The depressing nature of race relations does not dominate the ending of A Night in Acadie as it does some late stories in Bayou Folk. “A Respectable Woman” occupies roughly the same position near the close of A Night in Acadie that “Athénaïse” has near the start. Sophisticated as well as respectable, Mrs. Baroda becomes fully aware of how powerful an influence her husband’s friend—the journalist Gouvernail, who took such good care of Athénaïse Miché—is having upon her. Sitting alone with him one night, she is deeply disturbed: “She wanted to reach out her hand in the darkness and touch him with the sensitive tips of her fingers upon the face or the lips. She wanted to draw close to him and whisper against his cheek—she did not care what—as she might have done if she had not been a respectable woman.”

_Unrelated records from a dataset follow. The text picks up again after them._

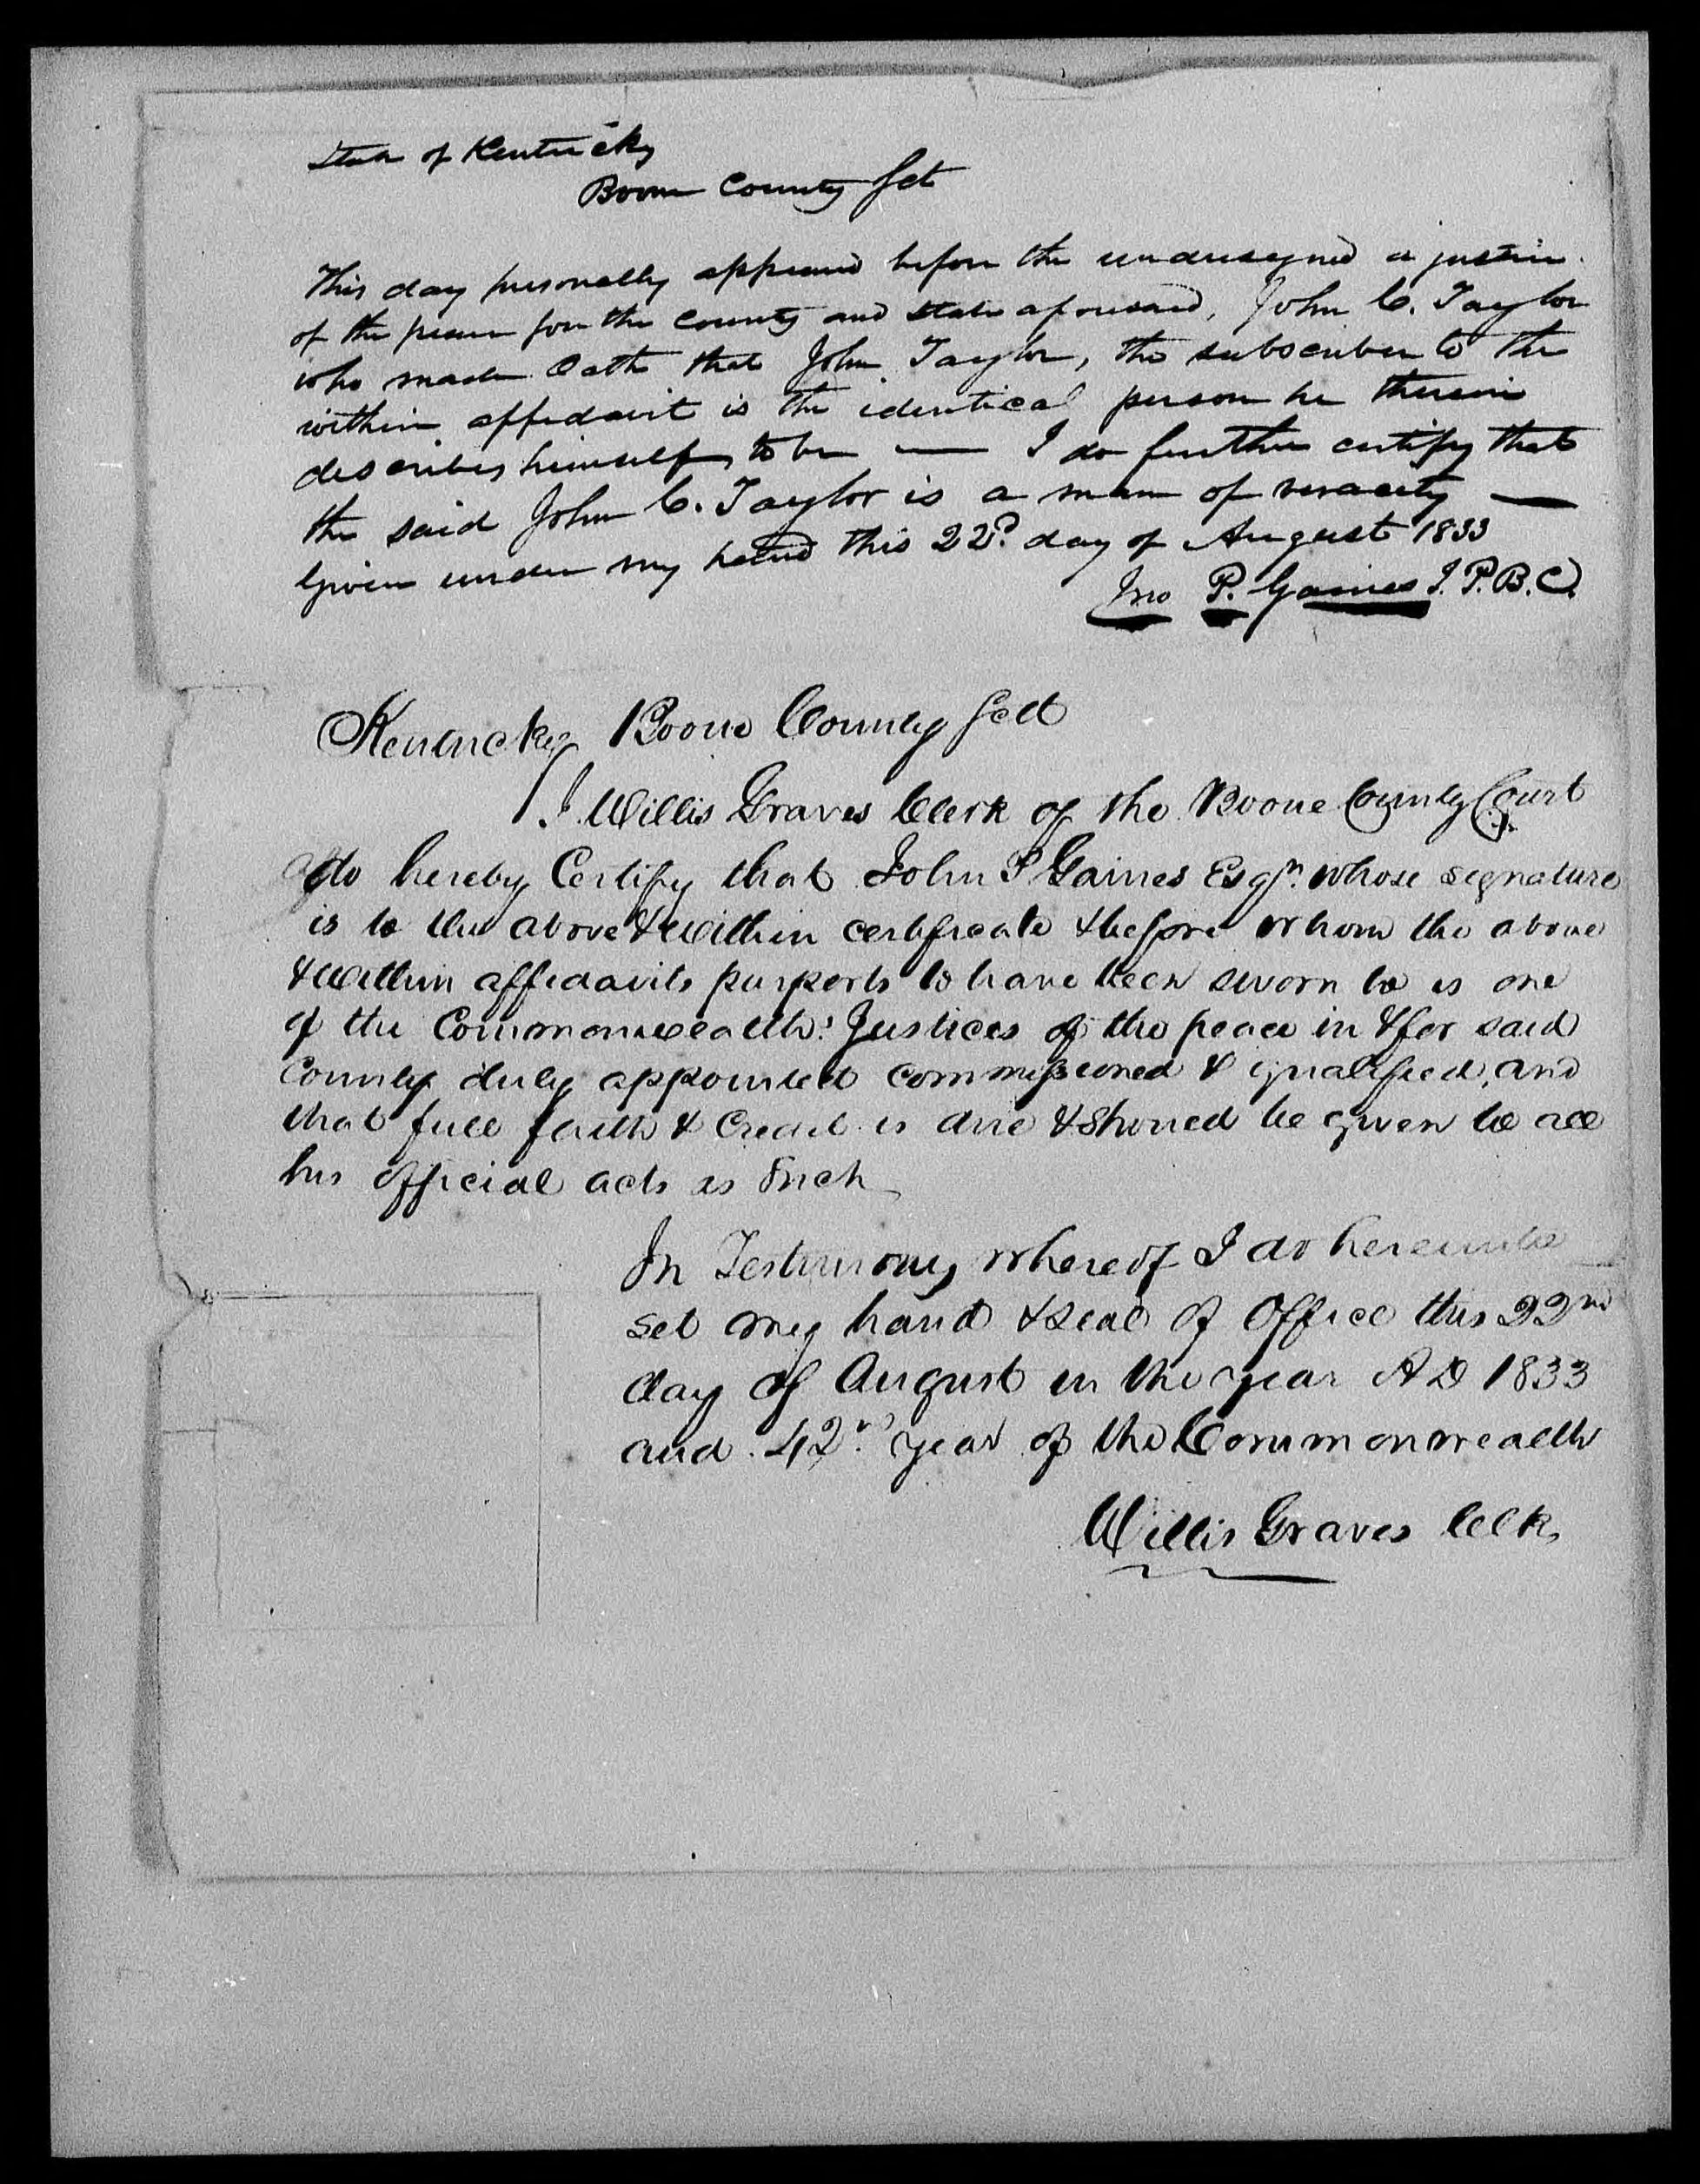State of Kentucky 
Boone County Sct

This day personally appeared before the undersigned a justice 
of the peace for the County and State aforesaid, John C. Taylor 
who made oath that John Taylor, the subscriber to the 
within affidavit is the identical person he therein 
describes himself to be--I do further certify that 
the said John C. Taylor is a man of veracity-
Given under my hand this 22d. day of August 1833
Jno P. Ganes J.P.B.C.

Kentucky Boone County Sct

I Willis Graves Clerk of the Boone County Court 
do hereby certify that John P. Gaines Esqr. whose signature 
is to the above & within certificate & before whom the above
& within affidavit purports to have been sworn to is one 
of the Commonwealth's Justices of the peace in & for said 
County duly appointed commissioned & qualified, and 
that full faith & credit is and & should be given to all 
his official acts as such.
In Testimony whereof I do hereunto
[Blurred seal of office] set my hand & seal of office this 22nd
day of August in the year AD 1833 
and 42nd. year of the Commonwealth
Willis Graves Clk.

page: 13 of 18
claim: survivor's
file: S. 37,483, for John Taylor, Maryland

Gouvernail murmurs, “half to himself,” lines from Walt Whitman’s “Song of Myself”: “Night of south winds—night of the large few stars!/Still nodding night—.” Only after Mrs. Baroda returns to the house does he complete Whitman’s “apostrophe to the night.” Chopin does not quote the remainder, but readers may be familiar with it: “Press close bare-bosomed night—press close magnetic nourishing night!/Night of south winds—night of the large few stars!/Still nodding night—mad naked summer night.”

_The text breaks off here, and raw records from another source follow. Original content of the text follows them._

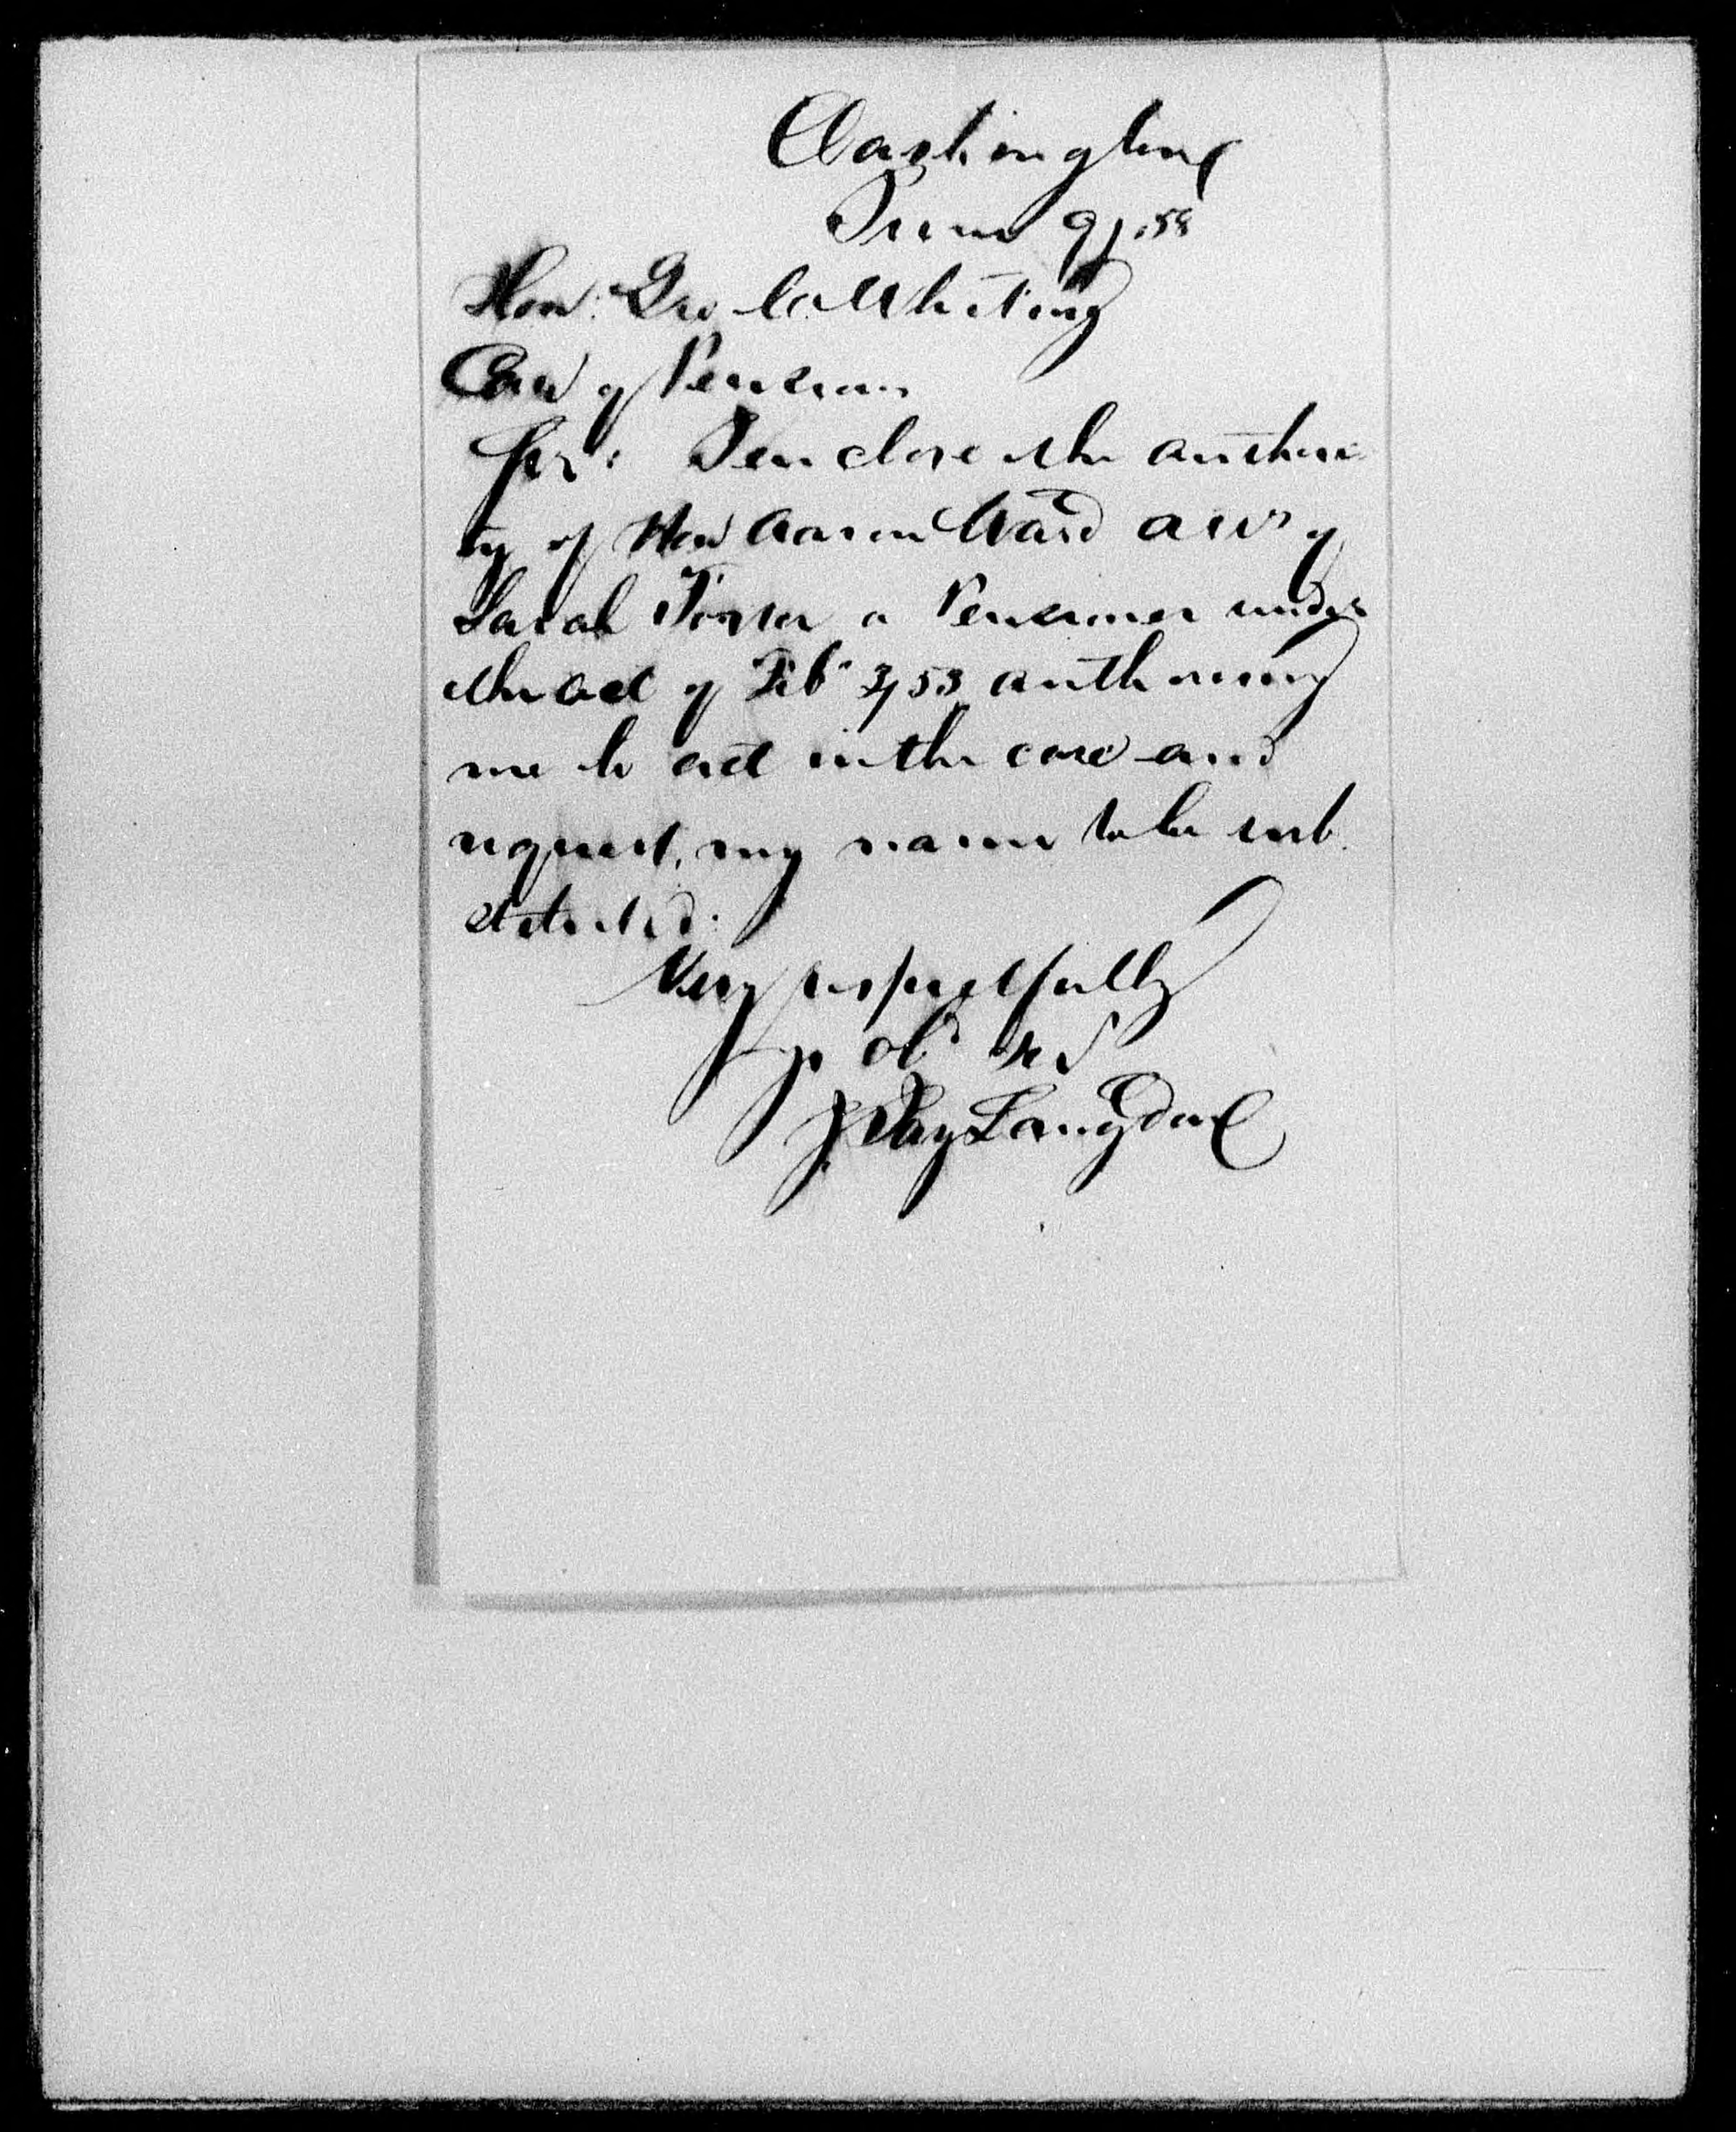Washington

June 9, '58

Hon. Geo. C. Whiting
Com of Pensions
Sir: I enclose the authority of Hon. Aaron Ward att. of Sarah Foster a Pensioner under the act of Feb 7 53 authorizing me to act in the case and request my name to be ??
Very respectfully
your ob service. 
J. Jay Langdon

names: Aaron Ward, Sarah Foster, J Jay Langdon
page: 38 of 57
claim: widow's
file: W. 5275 1/2, Michael Foster, Penn.

In “A Respectable Woman” Gouvernail approaches the intimate circle of a married woman, as he had done in “Athénaïse,” and again understands the woman in some ways better than she does herself. Kate Chopin does not often assign such understanding to a man. In her stories women are generally not only more attractive, graceful, and energetic than the men around them, but more insightful as well. Chopin likes Gouvernail, however, and gives him a small role in her novel The Awakening. He attends the party Edna Pontellier throws to celebrate her independence, and he observes carefully the events of the evening. Again he quotes a fragment of poetry—this time a sonnet by Algernon Swinburne—and again Chopin withholds the rest of the passage. But readers who recognize the Swinburne sonnet will see what the sensitive Gouvernail sees: that watching over the wild scene near the close of Edna’s party is the brooding figure of death.